Multiple copies of backups are stored for 90 days in a backup vault.

How often do you test backups?

As per internal policy.

What is the retention period for backups?

90 days.

4. Software Development:

What is your development lifecycle process?
Live Optics follows a Secure development Lifecyle aligning to ISO/IEC 27034 principles including but not limited to code reviews, security scans, testing, logging, and automated pipelines.

5. Data Remanence

How is the data purged, so that the data is deleted completely, and there are no remnants of deleted data, therefore, not subject to attack or e-discovery?

Automated deletion process in place to delete data after 7 years.

In case of termination of the contract, how will the data be provided back to the Customer?
Raw data is not provided back to the Customer; however, reports can be downloaded by the Customer for all projects owned in the form of xls and ppt.

6. Business Continuity

What is your disaster recovery process?

Databases are running in multi data centers with built in redundancy. Our application servers are automated with one-click deployment and can be deployed in any data center within a few minutes.

What tests do you perform on your disaster recovery plan?

Due to data being written from active services to the database, we don’t perform any tests from a parallel environment.

Where do the servers, processes, and data physically reside?

All services are hosted on Dell managed resources residing in the US.

What is your service RTO (Recovery Time Objective) and RPO (Recovery Point Objective)?
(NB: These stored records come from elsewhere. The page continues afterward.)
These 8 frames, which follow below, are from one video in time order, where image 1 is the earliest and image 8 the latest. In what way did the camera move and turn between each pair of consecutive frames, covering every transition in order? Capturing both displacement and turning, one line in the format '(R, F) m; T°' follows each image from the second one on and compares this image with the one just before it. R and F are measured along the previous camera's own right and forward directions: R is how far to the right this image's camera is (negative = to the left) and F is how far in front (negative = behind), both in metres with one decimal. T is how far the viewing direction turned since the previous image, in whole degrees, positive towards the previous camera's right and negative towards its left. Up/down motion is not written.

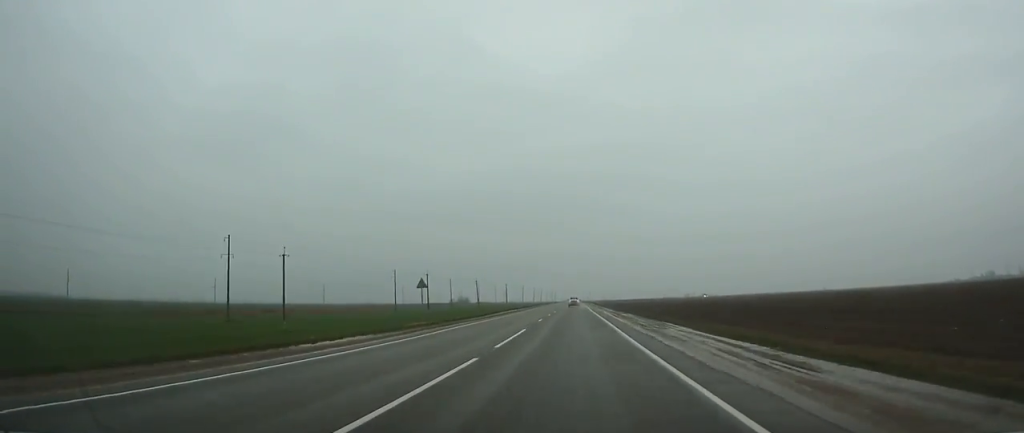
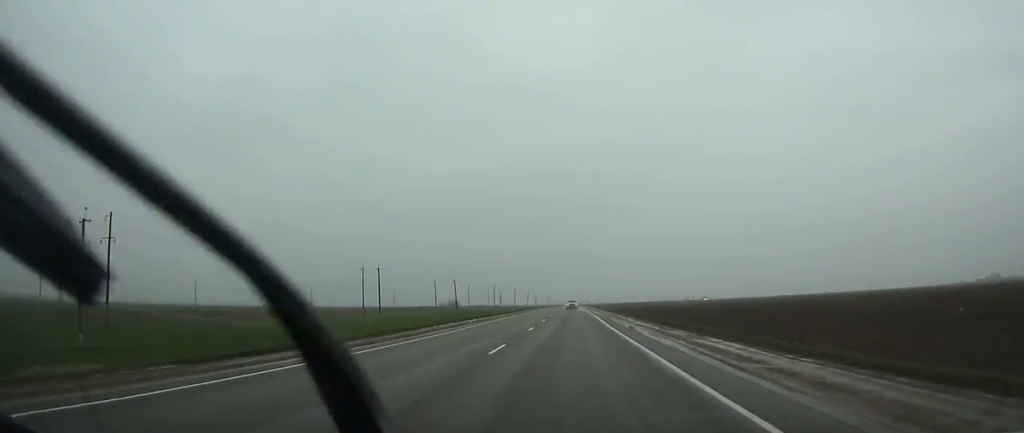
(+0.1, +31.6) m; 0°
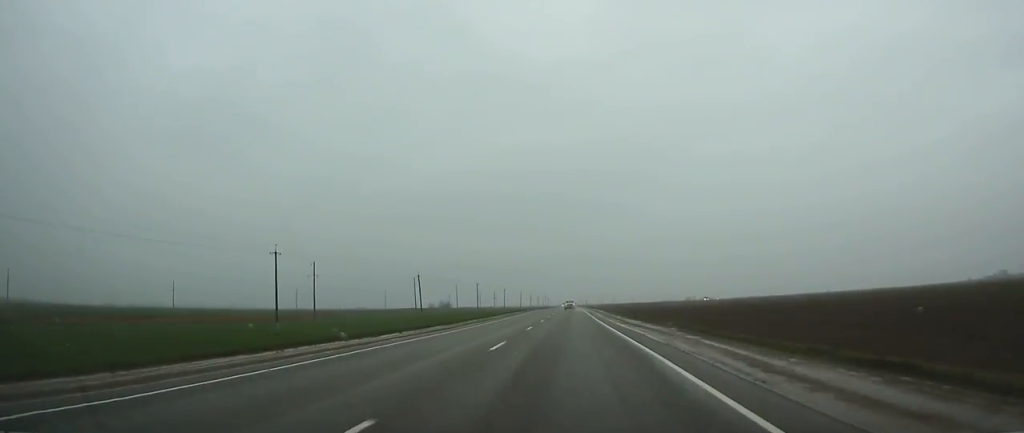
(0.0, +34.9) m; 0°
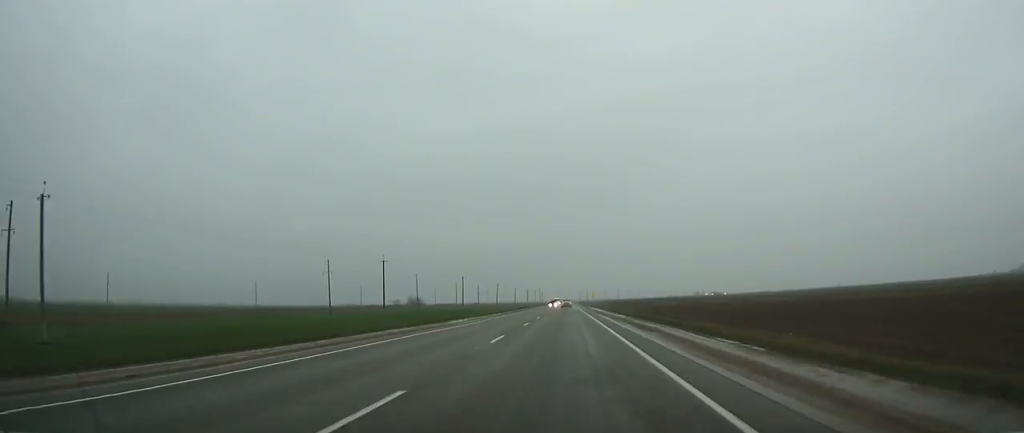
(+0.1, +93.7) m; 0°
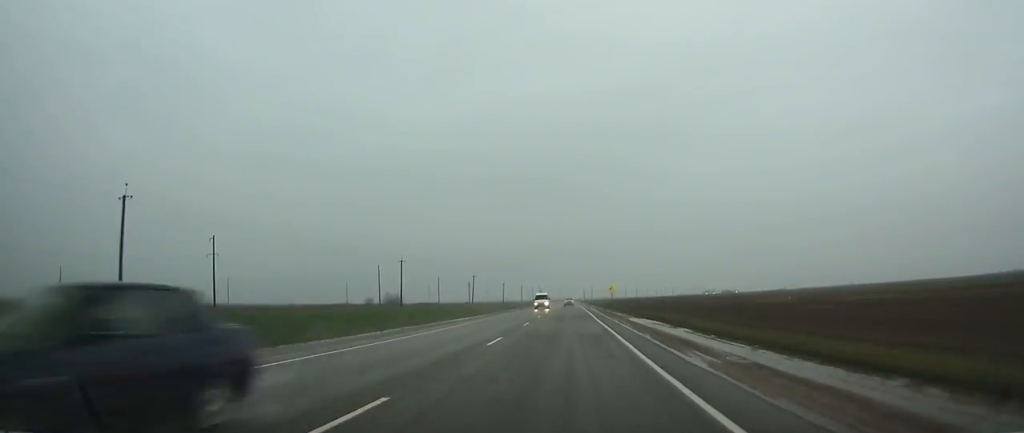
(0.0, +60.3) m; 0°
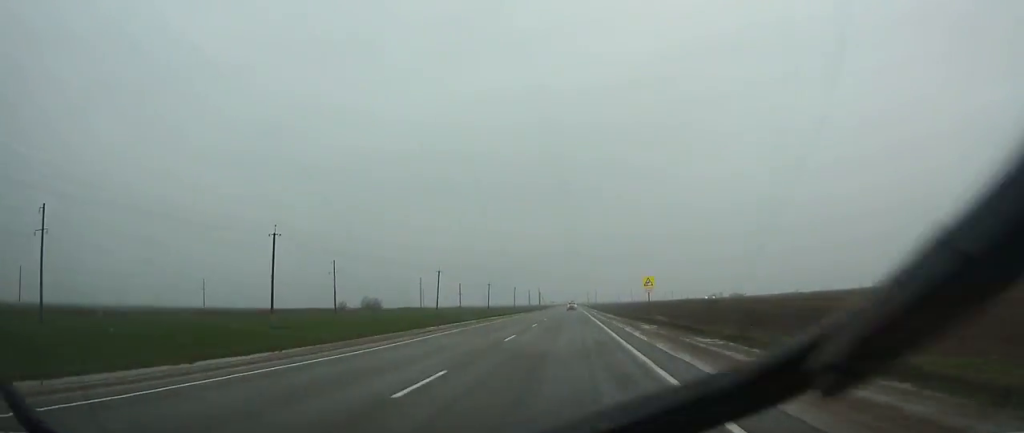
(0.0, +44.4) m; 0°
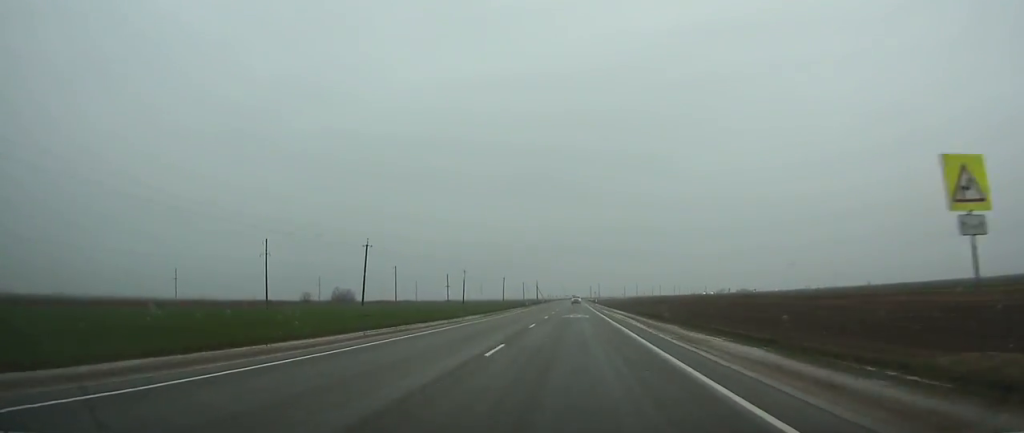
(0.0, +42.7) m; 0°
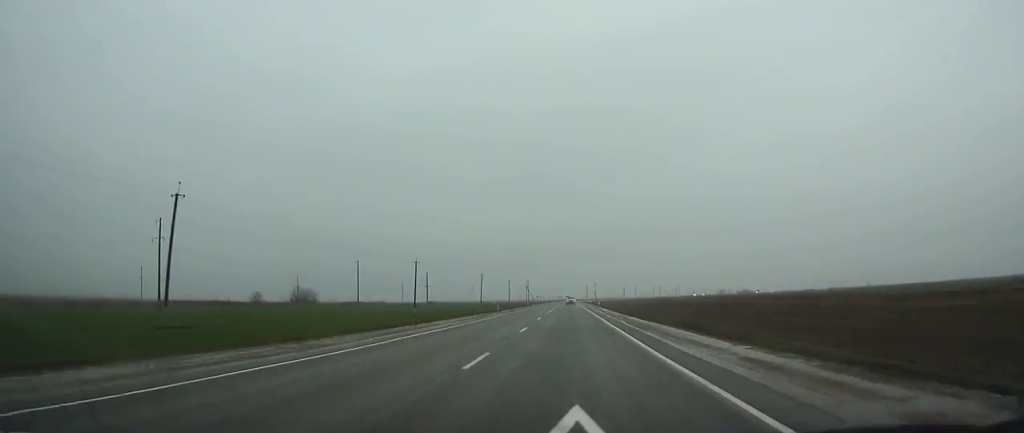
(0.0, +37.8) m; 0°

Live Optics does not have a formal RTO/RPO policy in place; however, outages are treated with high priority resuming availability as early as possible.
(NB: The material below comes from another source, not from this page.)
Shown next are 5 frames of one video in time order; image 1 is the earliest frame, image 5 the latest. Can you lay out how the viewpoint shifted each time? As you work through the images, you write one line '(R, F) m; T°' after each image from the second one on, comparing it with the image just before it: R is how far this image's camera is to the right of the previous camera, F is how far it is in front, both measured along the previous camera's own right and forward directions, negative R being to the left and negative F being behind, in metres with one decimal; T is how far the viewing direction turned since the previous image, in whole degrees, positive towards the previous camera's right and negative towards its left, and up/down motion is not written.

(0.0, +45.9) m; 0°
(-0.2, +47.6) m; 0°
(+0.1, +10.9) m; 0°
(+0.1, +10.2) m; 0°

7. Network & Application Security

Do you perform vulnerability scans on the application?

All Dell networked systems are scanned periodically. Additionally, vendor and industry sites in scope are monitored for vulnerability announcements, patch and non-patch remediations, and any emerging threat on a periodic basis. Frequency of these scans depends on asset type and criticality. Live Optics undergoes routine application vulnerability scans

Do you have an internal, external, or red team performing annual penetration tests of your IT environment?

Penetration tests on External and Internal Networked systems are performed periodically by Dell's internal Red/Penetration testing team. Also, if required by compliance requirements, Dell makes use of third-party vendors (e.g. S3Security for PCI, Whitehat for Pentests). The Red Team is part of the Security and Resiliency Organization (SRO).
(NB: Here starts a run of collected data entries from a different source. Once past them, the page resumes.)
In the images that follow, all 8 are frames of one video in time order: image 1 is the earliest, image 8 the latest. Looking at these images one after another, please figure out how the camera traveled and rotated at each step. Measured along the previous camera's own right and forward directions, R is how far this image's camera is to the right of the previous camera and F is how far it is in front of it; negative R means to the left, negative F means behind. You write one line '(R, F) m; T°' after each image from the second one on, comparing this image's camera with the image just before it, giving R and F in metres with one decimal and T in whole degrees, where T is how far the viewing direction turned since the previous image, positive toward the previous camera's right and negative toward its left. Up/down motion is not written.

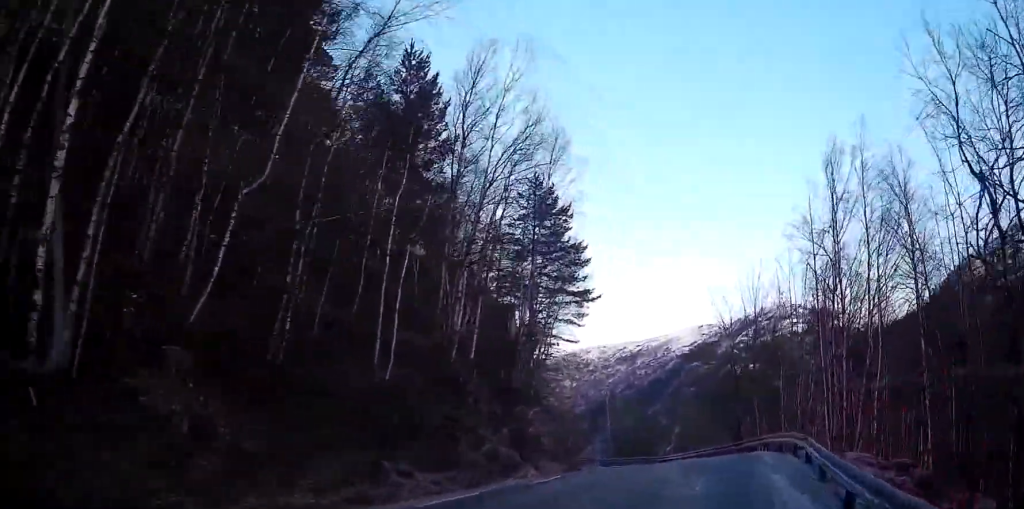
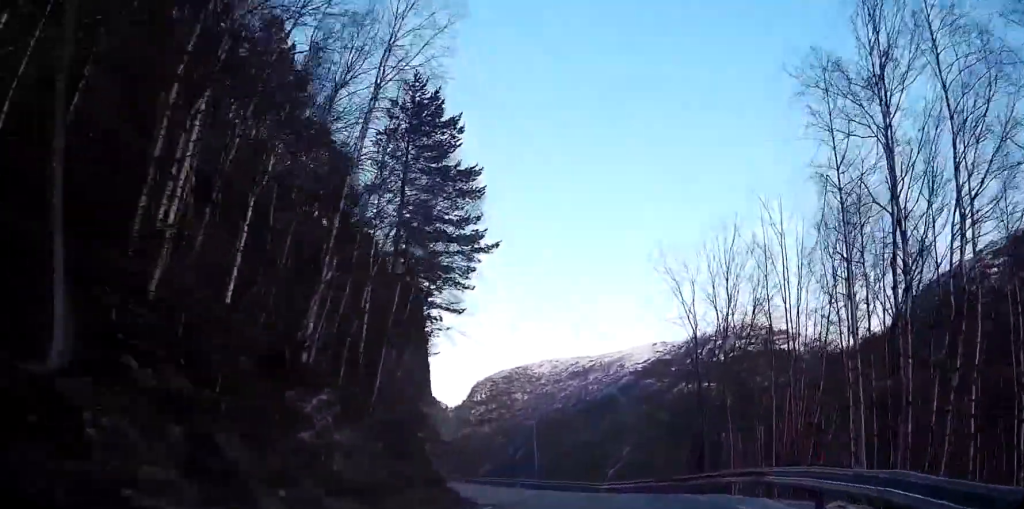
(+0.7, +14.9) m; +2°
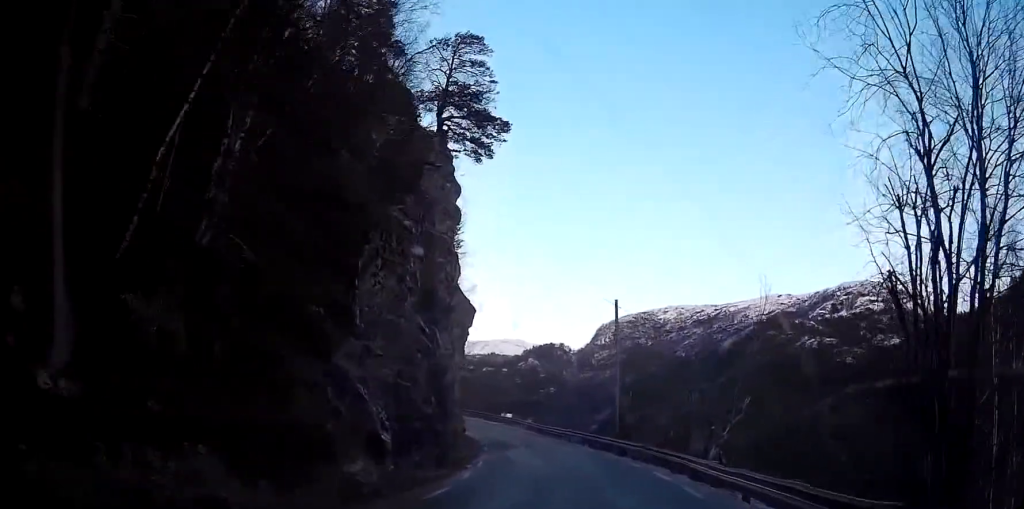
(-1.6, +21.5) m; -10°
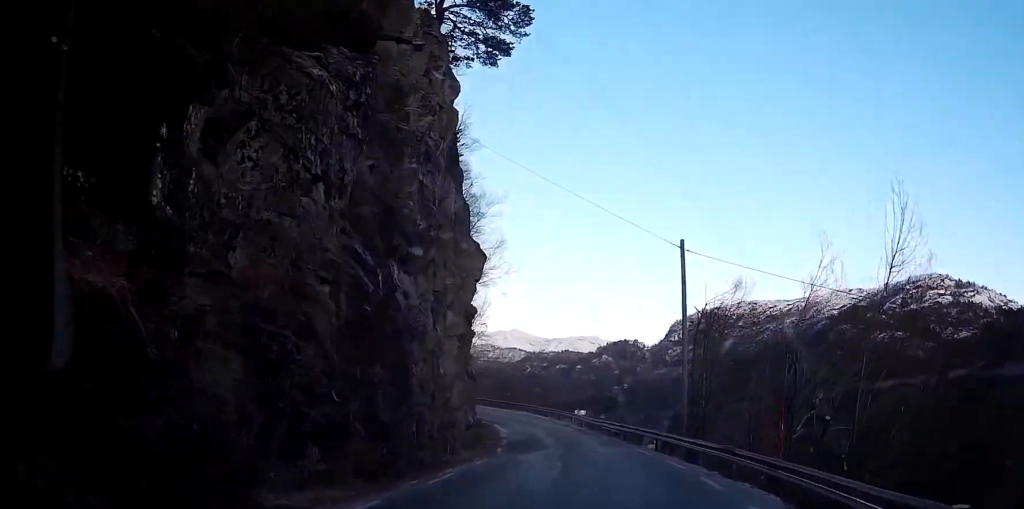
(-0.6, +13.2) m; -5°
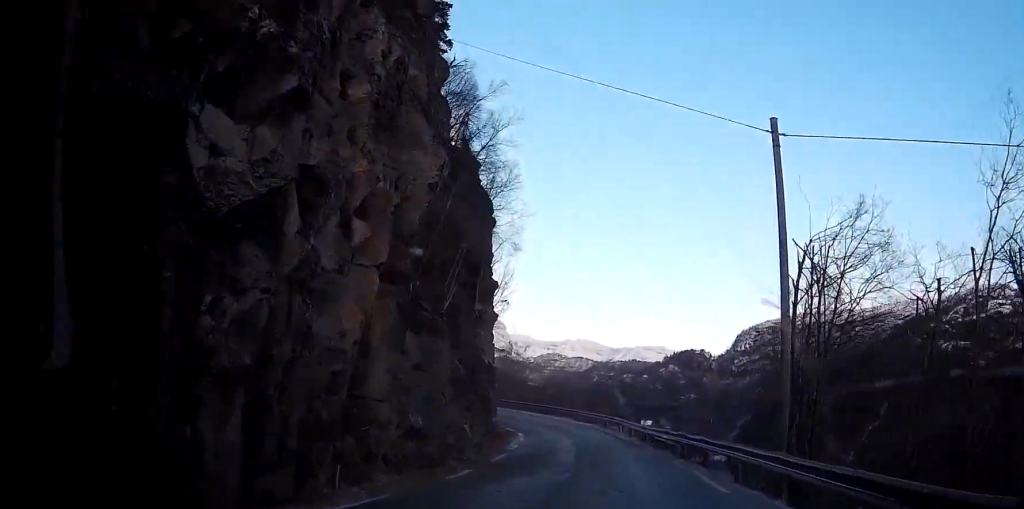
(-0.7, +13.4) m; -5°
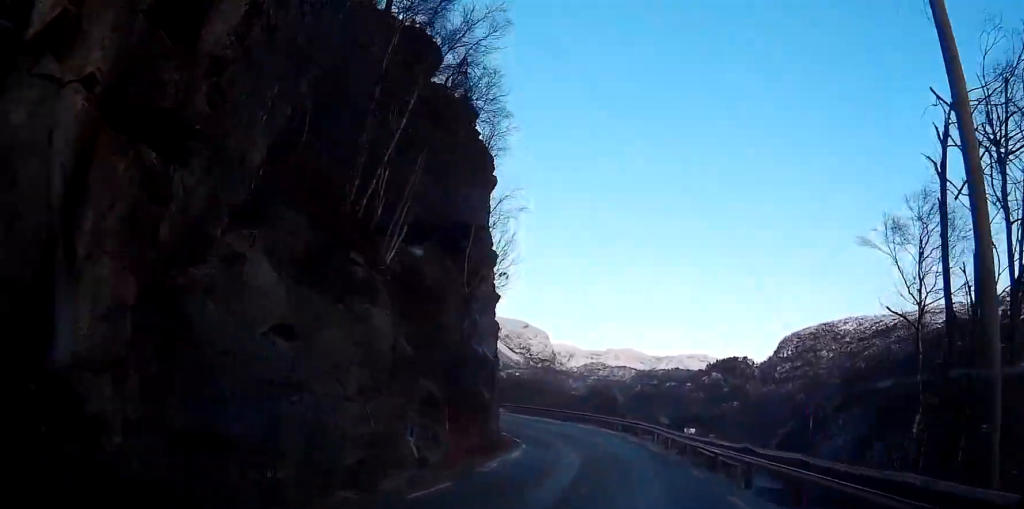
(-0.3, +10.2) m; -2°
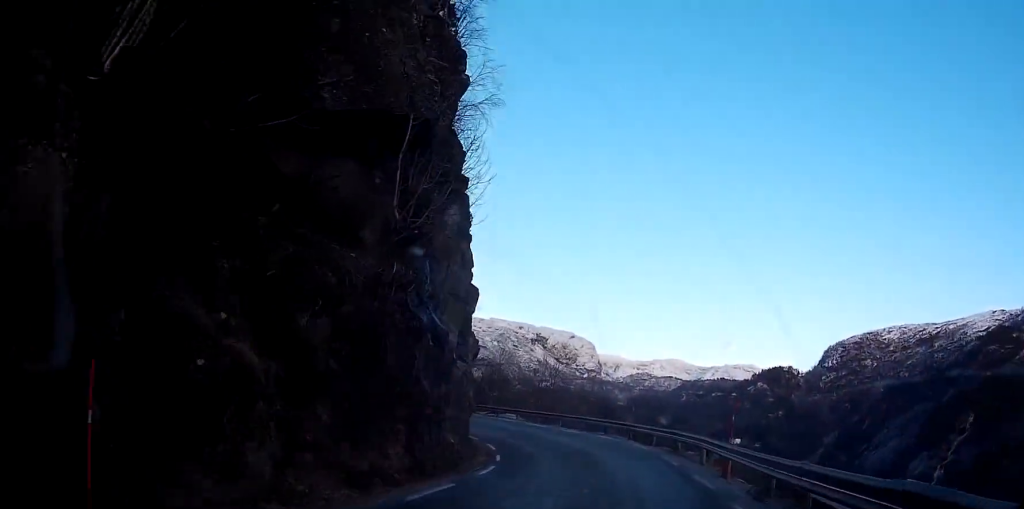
(0.0, +13.0) m; -3°
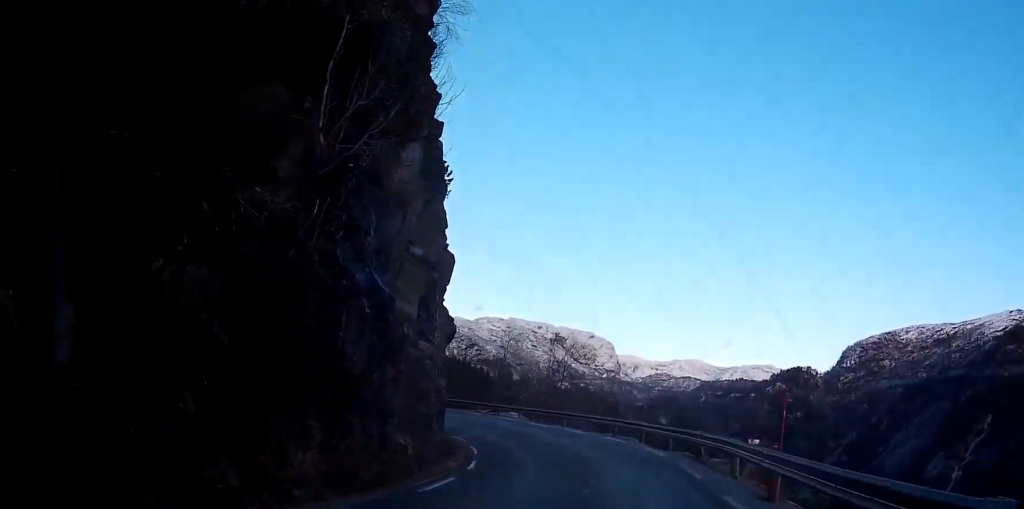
(0.0, +5.8) m; -3°

Dell has a Chief Security Officer (CSO), authorized by Dell executive management, who reports directly to the General Counsel and who directs and oversees a comprehensive security and resiliency program. This includes cybersecurity for all systems, data and networks, product security, physical security, supply chain security and enterprise resiliency.

The SRO has defined roles and responsibilities for security and resiliency management, which includes vulnerability management and penetration testing, among others.

What steps have been taken to ensure the applications are secured from application-level attacks like XSS, SQL injection...etc?

Yes. Penetration testing is performed by a 3rd party.

What measures are in place to mitigate Denial of Service attacks?

All public endpoints are behind a gateway which implements firewall rules protecting against such attacks as DOS.

Do you offer periodic reports confirming compliance with security requirements and SLAs?

Yes.

8. Incident Management & Response

How are incidents handled?

Dell has multiple teams handling incidents depending on the type of incident. Robust processes are in place.

Would the Customer receive a notification if a data breach is detected?

Yes.

What access do you provide to logs? Would the Customer be provided all logs and audit trails regarding an incident?

Live Optics logs are not provided to Customers.